**Aim of the exercise:**
When the line with "#1872 = DIRECTION('',(0.,1.,0.));" appears below, start repeating lines exactly, and keep going through the line with "#2092 = PCURVE('',#507,#2093);"; add nothing outside that span.
##### Records for this exercise #####
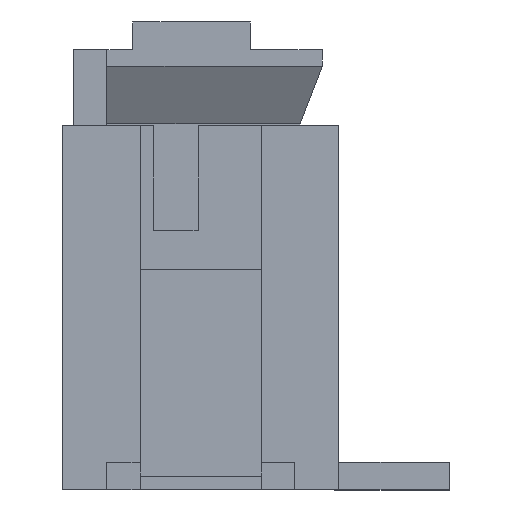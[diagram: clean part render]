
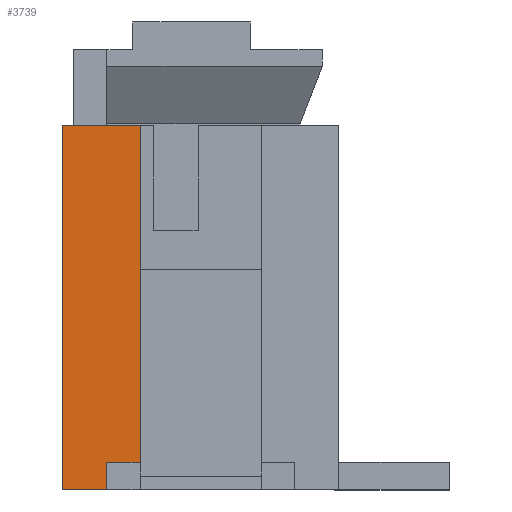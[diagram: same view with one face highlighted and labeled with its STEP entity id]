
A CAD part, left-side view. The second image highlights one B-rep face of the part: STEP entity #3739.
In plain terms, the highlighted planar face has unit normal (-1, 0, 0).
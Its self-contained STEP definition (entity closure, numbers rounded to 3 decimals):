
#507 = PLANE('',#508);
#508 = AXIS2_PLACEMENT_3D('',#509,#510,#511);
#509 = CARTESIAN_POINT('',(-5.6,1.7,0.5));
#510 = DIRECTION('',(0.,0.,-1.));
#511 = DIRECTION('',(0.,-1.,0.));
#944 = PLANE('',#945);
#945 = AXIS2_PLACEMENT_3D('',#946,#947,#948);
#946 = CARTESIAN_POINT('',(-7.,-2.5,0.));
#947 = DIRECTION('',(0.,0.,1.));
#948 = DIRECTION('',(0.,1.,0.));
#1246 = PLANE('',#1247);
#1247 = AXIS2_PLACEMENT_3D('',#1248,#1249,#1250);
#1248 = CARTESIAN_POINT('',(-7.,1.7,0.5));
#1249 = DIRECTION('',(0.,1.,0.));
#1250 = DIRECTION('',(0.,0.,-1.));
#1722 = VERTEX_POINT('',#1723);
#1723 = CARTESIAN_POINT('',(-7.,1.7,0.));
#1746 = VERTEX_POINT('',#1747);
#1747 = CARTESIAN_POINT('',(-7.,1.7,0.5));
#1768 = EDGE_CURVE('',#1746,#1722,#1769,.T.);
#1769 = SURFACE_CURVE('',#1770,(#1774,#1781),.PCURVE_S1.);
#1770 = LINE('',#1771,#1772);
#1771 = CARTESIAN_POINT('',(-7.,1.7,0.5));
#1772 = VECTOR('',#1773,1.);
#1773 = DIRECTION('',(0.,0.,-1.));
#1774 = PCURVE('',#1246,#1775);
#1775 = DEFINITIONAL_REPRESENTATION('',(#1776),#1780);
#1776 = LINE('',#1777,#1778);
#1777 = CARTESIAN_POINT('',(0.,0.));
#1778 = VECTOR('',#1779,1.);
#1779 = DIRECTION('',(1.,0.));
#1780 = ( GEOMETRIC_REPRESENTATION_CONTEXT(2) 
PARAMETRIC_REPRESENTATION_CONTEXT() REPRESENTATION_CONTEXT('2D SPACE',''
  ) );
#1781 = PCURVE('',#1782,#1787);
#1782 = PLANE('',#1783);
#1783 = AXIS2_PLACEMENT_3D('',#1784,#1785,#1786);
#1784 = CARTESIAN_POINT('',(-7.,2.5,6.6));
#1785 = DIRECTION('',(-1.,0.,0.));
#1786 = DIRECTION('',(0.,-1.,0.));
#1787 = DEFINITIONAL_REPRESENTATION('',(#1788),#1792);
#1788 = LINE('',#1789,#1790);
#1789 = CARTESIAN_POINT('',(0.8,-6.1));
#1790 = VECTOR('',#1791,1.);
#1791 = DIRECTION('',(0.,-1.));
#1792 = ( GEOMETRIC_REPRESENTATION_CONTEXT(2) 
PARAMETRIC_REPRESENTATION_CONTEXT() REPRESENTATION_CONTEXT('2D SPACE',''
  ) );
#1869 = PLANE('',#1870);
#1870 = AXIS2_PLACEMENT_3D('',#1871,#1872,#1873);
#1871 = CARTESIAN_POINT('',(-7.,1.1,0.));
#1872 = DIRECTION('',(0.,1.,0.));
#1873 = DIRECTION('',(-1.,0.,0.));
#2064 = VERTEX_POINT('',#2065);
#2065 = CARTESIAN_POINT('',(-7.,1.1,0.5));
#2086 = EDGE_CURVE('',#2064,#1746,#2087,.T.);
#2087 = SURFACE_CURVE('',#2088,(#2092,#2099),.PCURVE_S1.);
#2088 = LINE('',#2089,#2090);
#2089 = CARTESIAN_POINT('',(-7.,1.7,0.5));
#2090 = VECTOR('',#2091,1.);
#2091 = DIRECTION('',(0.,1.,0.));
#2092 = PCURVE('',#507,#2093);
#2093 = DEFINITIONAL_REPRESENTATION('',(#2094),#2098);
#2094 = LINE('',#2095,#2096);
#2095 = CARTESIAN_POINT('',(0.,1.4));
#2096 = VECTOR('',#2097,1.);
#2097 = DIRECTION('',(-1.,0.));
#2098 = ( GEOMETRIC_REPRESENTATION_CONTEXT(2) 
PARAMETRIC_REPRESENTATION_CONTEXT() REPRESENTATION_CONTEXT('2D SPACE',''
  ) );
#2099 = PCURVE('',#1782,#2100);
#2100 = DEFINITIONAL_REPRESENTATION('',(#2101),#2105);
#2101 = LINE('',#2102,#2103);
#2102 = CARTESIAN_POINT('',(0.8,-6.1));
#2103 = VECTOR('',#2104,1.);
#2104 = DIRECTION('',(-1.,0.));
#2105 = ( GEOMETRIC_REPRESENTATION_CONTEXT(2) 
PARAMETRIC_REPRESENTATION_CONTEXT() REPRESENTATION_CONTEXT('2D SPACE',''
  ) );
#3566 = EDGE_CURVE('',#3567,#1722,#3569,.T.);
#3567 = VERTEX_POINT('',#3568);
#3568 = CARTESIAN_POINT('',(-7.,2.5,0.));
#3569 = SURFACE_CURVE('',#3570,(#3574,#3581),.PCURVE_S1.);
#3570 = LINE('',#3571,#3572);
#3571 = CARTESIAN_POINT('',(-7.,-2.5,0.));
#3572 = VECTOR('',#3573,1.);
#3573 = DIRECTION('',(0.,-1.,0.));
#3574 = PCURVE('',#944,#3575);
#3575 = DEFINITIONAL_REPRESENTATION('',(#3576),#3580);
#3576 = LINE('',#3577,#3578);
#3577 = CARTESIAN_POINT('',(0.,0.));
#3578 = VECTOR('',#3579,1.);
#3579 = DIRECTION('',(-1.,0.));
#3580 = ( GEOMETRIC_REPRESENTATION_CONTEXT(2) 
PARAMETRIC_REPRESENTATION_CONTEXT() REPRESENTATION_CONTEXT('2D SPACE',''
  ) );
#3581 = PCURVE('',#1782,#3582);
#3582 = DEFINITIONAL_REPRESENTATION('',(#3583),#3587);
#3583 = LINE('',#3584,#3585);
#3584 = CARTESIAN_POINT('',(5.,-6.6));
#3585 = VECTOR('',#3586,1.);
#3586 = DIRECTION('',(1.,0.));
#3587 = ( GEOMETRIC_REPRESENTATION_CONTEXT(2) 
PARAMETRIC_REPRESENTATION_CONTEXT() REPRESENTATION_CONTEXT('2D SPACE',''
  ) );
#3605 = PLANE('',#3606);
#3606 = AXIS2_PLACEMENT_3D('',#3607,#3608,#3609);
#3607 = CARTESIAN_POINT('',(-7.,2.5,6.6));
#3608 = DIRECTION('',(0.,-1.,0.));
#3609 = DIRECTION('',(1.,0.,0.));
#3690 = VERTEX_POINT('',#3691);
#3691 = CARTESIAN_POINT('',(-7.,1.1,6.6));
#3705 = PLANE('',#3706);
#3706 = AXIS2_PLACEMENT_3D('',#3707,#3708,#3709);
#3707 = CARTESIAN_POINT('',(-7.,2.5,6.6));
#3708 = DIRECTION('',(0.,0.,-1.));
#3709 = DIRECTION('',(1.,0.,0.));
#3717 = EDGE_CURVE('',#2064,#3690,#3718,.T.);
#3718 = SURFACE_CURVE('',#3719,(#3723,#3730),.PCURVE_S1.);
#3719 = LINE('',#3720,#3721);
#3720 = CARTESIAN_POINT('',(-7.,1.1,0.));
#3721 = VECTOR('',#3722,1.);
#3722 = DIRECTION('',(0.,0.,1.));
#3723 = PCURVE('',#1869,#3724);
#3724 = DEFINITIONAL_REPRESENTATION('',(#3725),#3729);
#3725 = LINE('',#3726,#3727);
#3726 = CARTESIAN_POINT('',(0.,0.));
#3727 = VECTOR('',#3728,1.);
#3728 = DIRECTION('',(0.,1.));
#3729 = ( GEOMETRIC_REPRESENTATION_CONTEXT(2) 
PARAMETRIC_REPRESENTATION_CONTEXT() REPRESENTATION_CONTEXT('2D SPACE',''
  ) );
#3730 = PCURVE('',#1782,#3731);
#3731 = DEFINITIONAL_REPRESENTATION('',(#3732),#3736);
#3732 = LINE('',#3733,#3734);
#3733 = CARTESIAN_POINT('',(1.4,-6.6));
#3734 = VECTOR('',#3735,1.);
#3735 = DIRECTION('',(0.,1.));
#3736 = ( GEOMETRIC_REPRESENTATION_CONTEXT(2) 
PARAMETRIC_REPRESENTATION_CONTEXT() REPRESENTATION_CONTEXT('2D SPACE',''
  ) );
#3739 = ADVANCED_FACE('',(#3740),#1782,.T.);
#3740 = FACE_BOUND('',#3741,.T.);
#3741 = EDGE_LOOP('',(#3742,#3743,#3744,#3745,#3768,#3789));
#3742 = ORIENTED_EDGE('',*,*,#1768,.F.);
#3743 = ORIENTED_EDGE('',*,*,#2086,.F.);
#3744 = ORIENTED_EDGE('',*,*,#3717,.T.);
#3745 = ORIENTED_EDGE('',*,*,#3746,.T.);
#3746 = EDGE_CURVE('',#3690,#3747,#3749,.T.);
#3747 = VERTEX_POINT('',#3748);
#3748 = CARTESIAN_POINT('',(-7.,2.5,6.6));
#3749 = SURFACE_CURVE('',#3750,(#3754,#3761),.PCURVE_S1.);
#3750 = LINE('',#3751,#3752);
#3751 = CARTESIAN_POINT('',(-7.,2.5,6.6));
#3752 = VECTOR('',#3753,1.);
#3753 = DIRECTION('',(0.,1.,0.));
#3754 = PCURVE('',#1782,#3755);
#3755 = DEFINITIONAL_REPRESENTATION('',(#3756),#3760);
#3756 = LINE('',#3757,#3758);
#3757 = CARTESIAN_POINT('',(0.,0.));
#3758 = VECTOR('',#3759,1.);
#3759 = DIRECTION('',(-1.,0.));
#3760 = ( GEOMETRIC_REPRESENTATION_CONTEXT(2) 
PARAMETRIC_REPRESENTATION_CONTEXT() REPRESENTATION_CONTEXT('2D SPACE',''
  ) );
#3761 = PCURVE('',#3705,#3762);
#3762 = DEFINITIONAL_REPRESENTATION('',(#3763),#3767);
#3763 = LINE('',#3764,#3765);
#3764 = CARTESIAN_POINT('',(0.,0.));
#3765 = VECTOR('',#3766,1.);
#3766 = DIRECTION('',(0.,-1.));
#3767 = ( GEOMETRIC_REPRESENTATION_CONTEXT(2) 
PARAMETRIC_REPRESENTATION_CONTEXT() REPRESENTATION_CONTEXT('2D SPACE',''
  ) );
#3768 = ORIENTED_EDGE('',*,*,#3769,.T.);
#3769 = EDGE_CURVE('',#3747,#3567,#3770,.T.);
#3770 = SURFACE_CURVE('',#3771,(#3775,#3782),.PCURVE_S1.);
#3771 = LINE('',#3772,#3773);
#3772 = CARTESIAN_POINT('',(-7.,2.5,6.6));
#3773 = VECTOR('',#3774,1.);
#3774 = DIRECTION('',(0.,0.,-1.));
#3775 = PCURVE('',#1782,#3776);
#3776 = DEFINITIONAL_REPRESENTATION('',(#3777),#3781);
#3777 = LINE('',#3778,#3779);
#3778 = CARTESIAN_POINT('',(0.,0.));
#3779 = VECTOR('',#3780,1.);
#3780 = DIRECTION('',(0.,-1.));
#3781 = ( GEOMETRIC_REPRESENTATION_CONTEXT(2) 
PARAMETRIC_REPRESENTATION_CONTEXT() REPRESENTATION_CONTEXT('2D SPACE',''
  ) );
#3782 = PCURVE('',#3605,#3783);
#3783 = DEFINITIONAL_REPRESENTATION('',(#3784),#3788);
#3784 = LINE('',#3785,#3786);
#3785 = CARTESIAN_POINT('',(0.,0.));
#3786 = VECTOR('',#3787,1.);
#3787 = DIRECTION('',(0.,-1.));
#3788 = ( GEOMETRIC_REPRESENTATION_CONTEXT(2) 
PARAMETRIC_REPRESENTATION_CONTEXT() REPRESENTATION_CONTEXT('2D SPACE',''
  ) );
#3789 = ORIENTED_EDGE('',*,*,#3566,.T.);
#####
**Result for this exercise:**
#1872 = DIRECTION('',(0.,1.,0.));
#1873 = DIRECTION('',(-1.,0.,0.));
#2064 = VERTEX_POINT('',#2065);
#2065 = CARTESIAN_POINT('',(-7.,1.1,0.5));
#2086 = EDGE_CURVE('',#2064,#1746,#2087,.T.);
#2087 = SURFACE_CURVE('',#2088,(#2092,#2099),.PCURVE_S1.);
#2088 = LINE('',#2089,#2090);
#2089 = CARTESIAN_POINT('',(-7.,1.7,0.5));
#2090 = VECTOR('',#2091,1.);
#2091 = DIRECTION('',(0.,1.,0.));
#2092 = PCURVE('',#507,#2093);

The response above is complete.